Lebih dari selusin peritel kecil lainnya yang diwawancarai Reuters juga melaporkan kenaikan biaya operasional yang signifikan. Sebagian dari mereka terpaksa memangkas tenaga kerja atau mengurangi variasi produk yang ditawarkan demi menghemat pengeluaran. Padahal, periode penjualan November dan Desember biasanya menjadi penopang utama pendapatan tahunan. Rata-rata, sekitar sepertiga dari laba tahunan peritel di AS berasal dari musim belanja akhir tahun ini.

Studi kasus terbaru dari National Retail Federation (NRF) 2025 menunjukkan bahwa 68% usaha ritel kecil di AS mengalami penurunan stok hingga lebih dari 40% dibandingkan tahun sebelumnya. Infografis dari Supply Chain Disruption Index mencatat kenaikan waktu pengiriman rata-rata dari Asia ke AS mencapai 22 hari, naik dari 14 hari pada periode yang sama tahun lalu. Data riset terbaru dari Brookings Institution juga mengungkap bahwa kebijakan tarif yang tidak stabil berdampak langsung pada 1,2 juta pekerjaan di sektor ritel dan logistik.

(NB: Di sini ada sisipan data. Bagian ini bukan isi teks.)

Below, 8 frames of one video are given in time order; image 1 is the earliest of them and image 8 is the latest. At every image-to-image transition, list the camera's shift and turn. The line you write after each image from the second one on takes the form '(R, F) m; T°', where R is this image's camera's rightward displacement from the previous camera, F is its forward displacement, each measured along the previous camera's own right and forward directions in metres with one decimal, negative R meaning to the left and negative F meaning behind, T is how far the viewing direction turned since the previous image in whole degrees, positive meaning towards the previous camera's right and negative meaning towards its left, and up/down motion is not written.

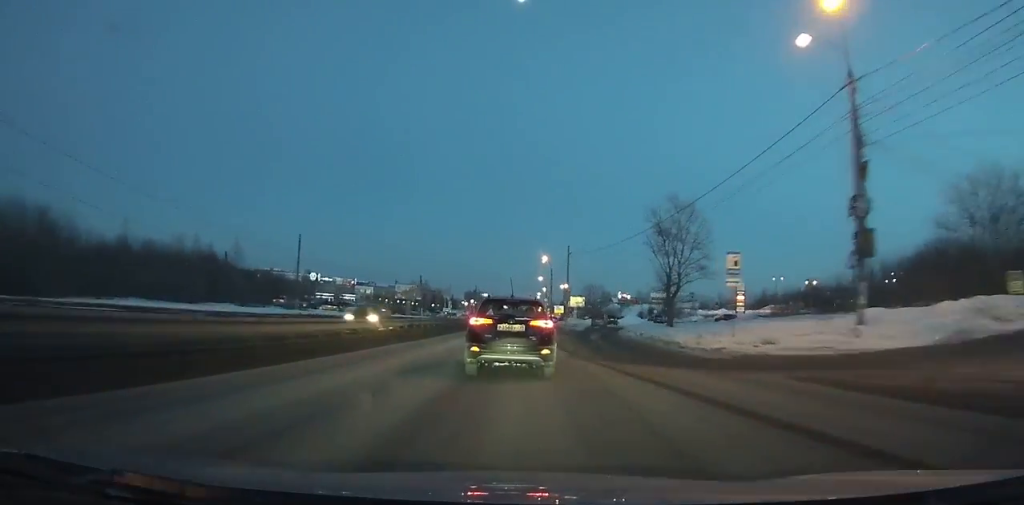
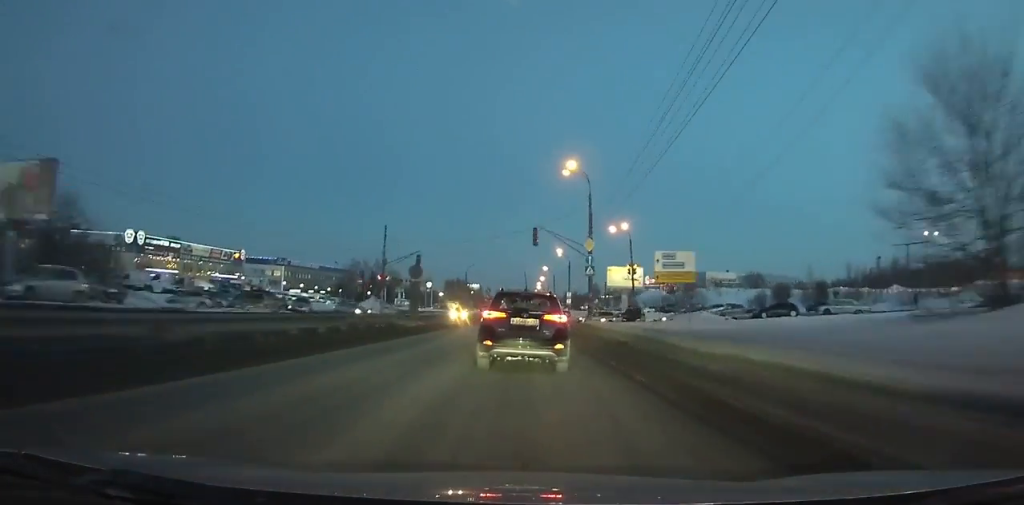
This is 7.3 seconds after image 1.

Ketidakpastian kebijakan perdagangan tidak hanya mengganggu arus barang, tetapi juga menggerus kepercayaan pelaku usaha dalam merencanakan ekspansi dan investasi jangka panjang. Di tengah persaingan pasar yang semakin ketat, ketahanan rantai pasok menjadi kunci utama yang harus diperkuat. Bagi pelaku usaha, saatnya beralih dari reaktif menjadi proaktif: membangun jaringan pemasok yang lebih beragam, mengadopsi teknologi manajemen inventaris berbasis AI, dan memperkuat kolaborasi lintas industri. Masa depan ritel bukan tentang menghindari gangguan, tetapi tentang seberapa cepat bisa bangkit dan beradaptasi.